BEGIN

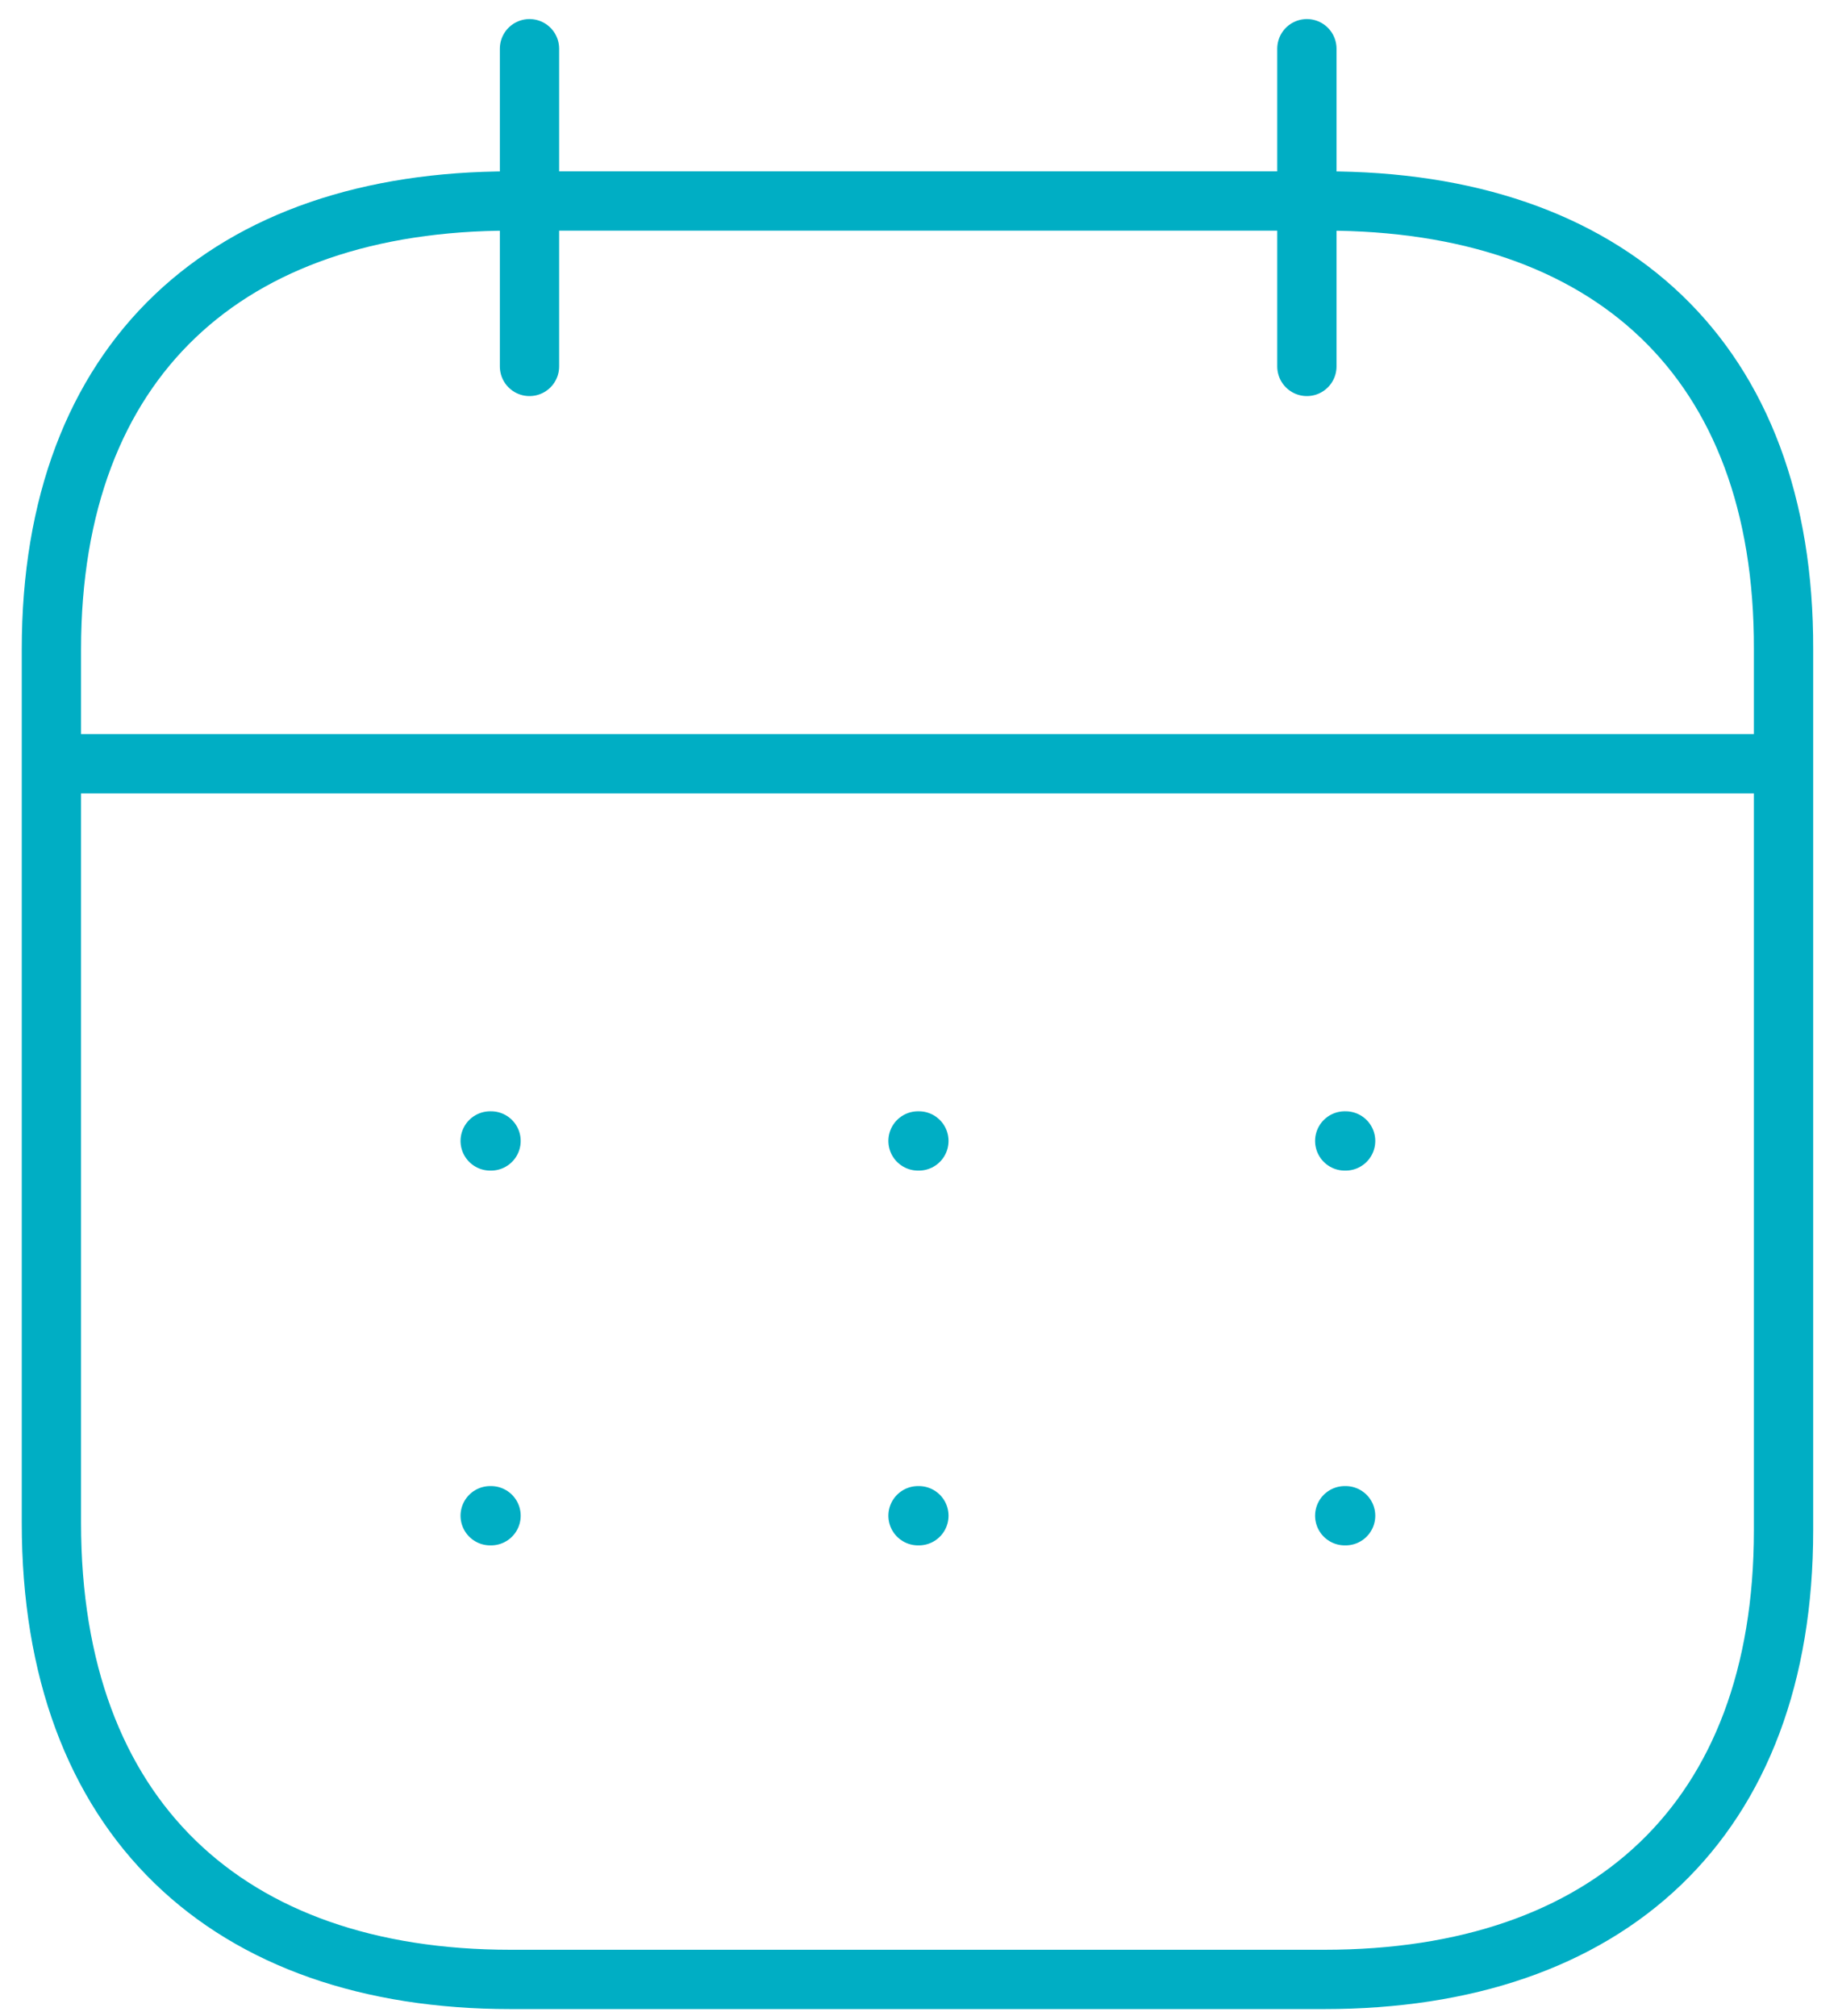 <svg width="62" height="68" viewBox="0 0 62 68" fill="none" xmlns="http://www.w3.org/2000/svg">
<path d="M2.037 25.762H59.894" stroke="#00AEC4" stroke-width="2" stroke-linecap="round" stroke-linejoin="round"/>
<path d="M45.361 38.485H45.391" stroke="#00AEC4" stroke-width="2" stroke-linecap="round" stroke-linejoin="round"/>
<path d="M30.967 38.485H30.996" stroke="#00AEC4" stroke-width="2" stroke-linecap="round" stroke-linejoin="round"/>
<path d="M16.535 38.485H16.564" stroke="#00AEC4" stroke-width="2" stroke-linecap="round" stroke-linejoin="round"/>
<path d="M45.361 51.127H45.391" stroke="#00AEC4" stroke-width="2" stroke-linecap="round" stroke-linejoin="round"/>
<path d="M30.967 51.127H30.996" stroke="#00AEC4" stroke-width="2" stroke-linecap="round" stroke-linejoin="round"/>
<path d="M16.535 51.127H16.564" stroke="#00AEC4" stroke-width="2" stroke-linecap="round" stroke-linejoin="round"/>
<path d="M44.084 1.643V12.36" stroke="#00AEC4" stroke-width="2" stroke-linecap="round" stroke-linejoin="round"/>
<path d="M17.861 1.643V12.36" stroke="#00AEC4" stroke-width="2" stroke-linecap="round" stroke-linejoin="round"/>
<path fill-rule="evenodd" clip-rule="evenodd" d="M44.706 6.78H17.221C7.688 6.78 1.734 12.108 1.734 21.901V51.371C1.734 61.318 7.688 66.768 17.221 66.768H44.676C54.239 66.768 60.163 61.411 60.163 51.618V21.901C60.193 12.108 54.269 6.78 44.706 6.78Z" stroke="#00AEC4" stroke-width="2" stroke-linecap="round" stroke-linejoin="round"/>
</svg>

END

WHAT YOU WILL DO
Transcribe each line of the material above verbatim, but do not include the images.

THE ANSWER
 <svg width="62" height="68" viewBox="0 0 62 68" fill="none" xmlns="http://www.w3.org/2000/svg">
<path d="M2.037 25.762H59.894" stroke="#00AEC4" stroke-width="2" stroke-linecap="round" stroke-linejoin="round"/>
<path d="M45.361 38.485H45.391" stroke="#00AEC4" stroke-width="2" stroke-linecap="round" stroke-linejoin="round"/>
<path d="M30.967 38.485H30.996" stroke="#00AEC4" stroke-width="2" stroke-linecap="round" stroke-linejoin="round"/>
<path d="M16.535 38.485H16.564" stroke="#00AEC4" stroke-width="2" stroke-linecap="round" stroke-linejoin="round"/>
<path d="M45.361 51.127H45.391" stroke="#00AEC4" stroke-width="2" stroke-linecap="round" stroke-linejoin="round"/>
<path d="M30.967 51.127H30.996" stroke="#00AEC4" stroke-width="2" stroke-linecap="round" stroke-linejoin="round"/>
<path d="M16.535 51.127H16.564" stroke="#00AEC4" stroke-width="2" stroke-linecap="round" stroke-linejoin="round"/>
<path d="M44.084 1.643V12.36" stroke="#00AEC4" stroke-width="2" stroke-linecap="round" stroke-linejoin="round"/>
<path d="M17.861 1.643V12.36" stroke="#00AEC4" stroke-width="2" stroke-linecap="round" stroke-linejoin="round"/>
<path fill-rule="evenodd" clip-rule="evenodd" d="M44.706 6.78H17.221C7.688 6.78 1.734 12.108 1.734 21.901V51.371C1.734 61.318 7.688 66.768 17.221 66.768H44.676C54.239 66.768 60.163 61.411 60.163 51.618V21.901C60.193 12.108 54.269 6.78 44.706 6.78Z" stroke="#00AEC4" stroke-width="2" stroke-linecap="round" stroke-linejoin="round"/>
</svg>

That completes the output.